More Please - Two Jars of Olives and a Pack of Bacon Pasta
A 15 Minute Dinner to solve all your problems, plus how I cook with Olives
I have married into a family that are, to put it mildly, olive obsessed. Watching them absolutely delete three 2kg Perello olive tins on the first day of a holiday, cursing that they didn’t buy 8kg instead of 6 is really something to behold. The kids are actually worse than the parents which I have nothing but admiration for, it took me YEARS to mature enough to get into olives. These kids love them more than most sweets.
I didn’t realise quite how much I also cook with olives until someone kindly wrote to me about how their child had actually been weaned on Dinner Party recipes and was now, at 3 years old, a happy anchovy, olive and garlic lover. Olives are, like anchovies and other brined/salty things, a flavour hack. Carrying both salty, savoury notes as well as briney and acidic, they can lift a dish from OK to Exceptional with minimal work. A well employed olive is better than just adding salt. It adds body, makes a dish richer and deeper in umami.
Which olive you use for cooking is important. Salted, wrinkly black olives for example are too strong and salty for most recipes and will ruin a delicate dish. You always want to strike a balance in your cooking so if you’re adding olives it’s helpful to know what they might do to the finished product.

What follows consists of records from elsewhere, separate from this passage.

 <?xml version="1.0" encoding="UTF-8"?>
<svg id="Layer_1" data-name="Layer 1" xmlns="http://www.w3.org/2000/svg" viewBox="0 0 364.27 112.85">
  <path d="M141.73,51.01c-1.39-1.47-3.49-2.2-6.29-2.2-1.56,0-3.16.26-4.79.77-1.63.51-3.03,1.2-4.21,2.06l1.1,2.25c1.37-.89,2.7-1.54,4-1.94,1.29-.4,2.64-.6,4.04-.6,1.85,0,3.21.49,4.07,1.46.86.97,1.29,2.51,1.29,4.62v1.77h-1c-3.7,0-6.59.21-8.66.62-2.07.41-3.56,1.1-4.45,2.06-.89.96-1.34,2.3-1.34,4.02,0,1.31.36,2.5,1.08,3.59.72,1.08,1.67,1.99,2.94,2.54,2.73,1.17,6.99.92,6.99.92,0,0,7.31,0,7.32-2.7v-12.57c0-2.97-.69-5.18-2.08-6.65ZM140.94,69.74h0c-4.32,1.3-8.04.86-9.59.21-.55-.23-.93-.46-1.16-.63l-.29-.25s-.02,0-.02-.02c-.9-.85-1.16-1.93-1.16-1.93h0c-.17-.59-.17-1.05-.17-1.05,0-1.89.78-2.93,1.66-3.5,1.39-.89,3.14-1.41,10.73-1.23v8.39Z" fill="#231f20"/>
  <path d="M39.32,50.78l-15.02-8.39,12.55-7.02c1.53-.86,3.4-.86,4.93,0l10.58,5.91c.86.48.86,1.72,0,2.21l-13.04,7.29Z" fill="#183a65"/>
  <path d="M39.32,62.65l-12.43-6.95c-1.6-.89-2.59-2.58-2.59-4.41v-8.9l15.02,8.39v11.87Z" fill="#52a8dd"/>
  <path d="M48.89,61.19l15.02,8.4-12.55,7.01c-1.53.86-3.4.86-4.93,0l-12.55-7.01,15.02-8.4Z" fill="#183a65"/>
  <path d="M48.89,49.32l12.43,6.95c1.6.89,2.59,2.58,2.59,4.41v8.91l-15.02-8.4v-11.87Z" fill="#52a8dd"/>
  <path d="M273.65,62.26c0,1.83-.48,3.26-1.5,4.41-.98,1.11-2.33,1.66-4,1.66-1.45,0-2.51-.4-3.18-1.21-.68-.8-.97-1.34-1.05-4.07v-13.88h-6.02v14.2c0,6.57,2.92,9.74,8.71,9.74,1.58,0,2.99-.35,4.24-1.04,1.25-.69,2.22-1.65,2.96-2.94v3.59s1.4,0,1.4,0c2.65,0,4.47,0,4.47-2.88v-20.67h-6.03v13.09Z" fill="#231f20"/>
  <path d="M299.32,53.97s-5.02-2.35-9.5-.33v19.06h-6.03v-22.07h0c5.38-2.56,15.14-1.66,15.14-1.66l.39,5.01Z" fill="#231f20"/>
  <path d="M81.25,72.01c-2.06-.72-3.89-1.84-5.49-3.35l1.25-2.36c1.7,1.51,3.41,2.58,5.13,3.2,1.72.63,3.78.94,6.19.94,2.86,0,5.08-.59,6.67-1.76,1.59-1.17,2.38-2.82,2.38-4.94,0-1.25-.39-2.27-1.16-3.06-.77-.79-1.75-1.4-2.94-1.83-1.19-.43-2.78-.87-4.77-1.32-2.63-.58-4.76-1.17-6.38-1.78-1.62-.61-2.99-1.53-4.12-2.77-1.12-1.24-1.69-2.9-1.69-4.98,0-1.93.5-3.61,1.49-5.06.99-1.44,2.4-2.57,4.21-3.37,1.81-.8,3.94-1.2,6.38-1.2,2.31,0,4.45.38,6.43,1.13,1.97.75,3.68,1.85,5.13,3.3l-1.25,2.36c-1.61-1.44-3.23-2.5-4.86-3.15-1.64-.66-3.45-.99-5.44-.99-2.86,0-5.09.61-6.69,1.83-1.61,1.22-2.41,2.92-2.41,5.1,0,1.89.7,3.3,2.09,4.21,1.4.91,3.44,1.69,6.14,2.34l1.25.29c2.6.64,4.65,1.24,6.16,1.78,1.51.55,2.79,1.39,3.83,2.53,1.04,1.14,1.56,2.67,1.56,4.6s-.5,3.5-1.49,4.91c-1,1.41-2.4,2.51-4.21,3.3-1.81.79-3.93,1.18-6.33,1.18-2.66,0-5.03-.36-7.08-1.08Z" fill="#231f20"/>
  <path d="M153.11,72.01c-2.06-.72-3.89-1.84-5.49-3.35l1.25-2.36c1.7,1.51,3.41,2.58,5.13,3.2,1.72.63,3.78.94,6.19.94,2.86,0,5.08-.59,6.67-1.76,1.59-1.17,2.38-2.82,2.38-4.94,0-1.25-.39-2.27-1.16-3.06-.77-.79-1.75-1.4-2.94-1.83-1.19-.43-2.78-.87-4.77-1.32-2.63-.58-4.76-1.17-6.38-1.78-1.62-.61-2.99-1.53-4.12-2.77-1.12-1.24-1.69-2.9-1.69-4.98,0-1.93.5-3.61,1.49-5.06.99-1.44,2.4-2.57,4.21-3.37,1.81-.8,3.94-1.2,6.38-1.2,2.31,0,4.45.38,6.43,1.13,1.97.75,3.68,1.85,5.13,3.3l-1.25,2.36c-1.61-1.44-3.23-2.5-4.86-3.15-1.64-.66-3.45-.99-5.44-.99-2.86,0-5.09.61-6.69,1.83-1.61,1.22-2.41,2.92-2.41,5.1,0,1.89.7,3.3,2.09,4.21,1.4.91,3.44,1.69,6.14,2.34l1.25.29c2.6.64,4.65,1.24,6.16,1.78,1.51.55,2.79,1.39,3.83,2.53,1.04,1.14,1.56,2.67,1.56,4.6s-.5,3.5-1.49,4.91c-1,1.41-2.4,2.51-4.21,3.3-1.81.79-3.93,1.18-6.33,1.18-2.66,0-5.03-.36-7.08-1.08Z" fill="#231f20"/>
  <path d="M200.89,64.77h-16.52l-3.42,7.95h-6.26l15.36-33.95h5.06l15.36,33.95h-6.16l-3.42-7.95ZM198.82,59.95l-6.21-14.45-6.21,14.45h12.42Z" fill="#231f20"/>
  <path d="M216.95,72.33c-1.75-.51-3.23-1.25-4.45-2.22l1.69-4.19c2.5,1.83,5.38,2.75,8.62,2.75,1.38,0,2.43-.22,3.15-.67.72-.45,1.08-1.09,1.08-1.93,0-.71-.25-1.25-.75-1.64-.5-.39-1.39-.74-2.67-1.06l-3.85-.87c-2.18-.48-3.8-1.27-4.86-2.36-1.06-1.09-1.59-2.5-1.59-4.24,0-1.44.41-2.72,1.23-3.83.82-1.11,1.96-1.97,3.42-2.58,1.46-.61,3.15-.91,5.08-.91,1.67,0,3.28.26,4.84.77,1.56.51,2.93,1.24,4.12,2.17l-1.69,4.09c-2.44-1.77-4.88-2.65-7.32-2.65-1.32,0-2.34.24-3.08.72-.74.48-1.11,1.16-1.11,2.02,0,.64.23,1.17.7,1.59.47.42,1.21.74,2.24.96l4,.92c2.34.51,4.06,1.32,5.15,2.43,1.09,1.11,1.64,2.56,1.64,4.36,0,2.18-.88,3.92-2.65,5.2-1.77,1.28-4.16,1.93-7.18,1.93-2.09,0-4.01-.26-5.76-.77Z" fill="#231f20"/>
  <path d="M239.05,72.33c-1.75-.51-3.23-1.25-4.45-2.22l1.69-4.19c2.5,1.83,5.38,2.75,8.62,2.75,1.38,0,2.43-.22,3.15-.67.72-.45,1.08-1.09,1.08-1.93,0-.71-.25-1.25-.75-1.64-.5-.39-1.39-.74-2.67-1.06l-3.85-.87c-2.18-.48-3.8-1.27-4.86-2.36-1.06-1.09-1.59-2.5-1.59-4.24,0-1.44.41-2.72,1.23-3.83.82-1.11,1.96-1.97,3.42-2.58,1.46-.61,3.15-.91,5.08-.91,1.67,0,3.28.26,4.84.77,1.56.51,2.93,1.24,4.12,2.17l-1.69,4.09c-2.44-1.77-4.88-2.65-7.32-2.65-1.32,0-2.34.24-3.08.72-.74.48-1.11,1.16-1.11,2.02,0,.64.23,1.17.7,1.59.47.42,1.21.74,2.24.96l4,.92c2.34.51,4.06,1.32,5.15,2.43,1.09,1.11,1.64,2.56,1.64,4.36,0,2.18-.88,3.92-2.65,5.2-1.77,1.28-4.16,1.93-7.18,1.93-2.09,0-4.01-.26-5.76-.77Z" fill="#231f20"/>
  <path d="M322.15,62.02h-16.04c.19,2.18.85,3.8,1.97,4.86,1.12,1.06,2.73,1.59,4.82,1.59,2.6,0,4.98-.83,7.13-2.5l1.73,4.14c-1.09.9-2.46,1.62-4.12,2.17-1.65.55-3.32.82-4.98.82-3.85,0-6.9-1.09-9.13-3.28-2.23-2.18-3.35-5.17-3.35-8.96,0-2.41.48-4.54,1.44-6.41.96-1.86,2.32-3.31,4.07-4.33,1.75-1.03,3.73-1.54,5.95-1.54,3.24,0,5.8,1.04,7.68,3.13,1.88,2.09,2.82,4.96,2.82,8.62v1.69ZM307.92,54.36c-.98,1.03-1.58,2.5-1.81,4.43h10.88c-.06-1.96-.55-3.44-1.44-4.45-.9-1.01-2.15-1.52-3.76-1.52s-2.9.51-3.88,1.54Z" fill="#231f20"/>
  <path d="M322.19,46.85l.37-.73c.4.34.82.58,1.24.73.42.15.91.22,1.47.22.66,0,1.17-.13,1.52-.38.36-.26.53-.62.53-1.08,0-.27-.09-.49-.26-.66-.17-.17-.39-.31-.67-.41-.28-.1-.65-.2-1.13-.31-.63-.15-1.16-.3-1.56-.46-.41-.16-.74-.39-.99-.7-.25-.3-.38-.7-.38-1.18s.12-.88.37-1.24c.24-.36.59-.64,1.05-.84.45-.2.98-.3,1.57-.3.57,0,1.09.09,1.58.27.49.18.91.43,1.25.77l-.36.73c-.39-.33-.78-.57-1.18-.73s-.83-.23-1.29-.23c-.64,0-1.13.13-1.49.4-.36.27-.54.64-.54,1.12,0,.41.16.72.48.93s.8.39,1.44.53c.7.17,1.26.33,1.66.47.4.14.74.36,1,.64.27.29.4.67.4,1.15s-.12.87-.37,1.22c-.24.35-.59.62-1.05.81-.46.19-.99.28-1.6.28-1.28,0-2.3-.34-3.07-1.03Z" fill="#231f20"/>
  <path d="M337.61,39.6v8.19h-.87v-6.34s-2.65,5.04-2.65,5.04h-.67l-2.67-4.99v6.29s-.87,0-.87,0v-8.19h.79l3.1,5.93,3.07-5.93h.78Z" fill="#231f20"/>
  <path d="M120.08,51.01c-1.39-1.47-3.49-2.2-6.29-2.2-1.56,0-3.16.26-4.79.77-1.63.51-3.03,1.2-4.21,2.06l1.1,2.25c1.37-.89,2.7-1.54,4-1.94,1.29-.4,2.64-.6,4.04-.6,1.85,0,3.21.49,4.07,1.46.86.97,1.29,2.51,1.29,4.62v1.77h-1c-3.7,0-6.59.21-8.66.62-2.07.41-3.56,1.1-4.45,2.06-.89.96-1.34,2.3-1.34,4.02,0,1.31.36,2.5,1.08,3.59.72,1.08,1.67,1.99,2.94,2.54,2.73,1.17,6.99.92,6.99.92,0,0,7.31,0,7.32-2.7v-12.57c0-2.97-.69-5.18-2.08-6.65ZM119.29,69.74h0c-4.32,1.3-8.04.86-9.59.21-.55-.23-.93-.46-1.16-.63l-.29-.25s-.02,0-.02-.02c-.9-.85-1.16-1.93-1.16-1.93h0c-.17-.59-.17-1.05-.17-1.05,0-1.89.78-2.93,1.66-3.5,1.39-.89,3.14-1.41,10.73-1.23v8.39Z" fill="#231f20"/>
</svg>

My most used olives in cooking are Kalamata, Nocellara, pitted green and pitted black and, when I can find them, Taggiasche. Apart from Kalamata I definitely trend toward Italian olives, no shade on all the other spectacular olives from the rest of the world though, it’s just what I know. I use the first two the most - Kalamata are sweet as well as sour and salty but can mellow really well when cooked. They add body without being distracting. I love them too for salads for their brightness and pop. Nocellara are a different beast entirely. They are rarely pitted, are brined but are super buttery in flavour rather than vinegary. They are great for a slower cook as well as in a salsa or garnish as they don’t overpower. I also love them in martinis. If you can’t face the idea of having to slice their cheeks off to cook sans pits, then a Gordal is a decent swap. Taggiasche are special little olives from Southern Italy, usually kept in oil but deceptively briney. They are THE best olives for Puttanesca but also for with bread and bitter Italian cocktails - if you can find them, buy ‘em.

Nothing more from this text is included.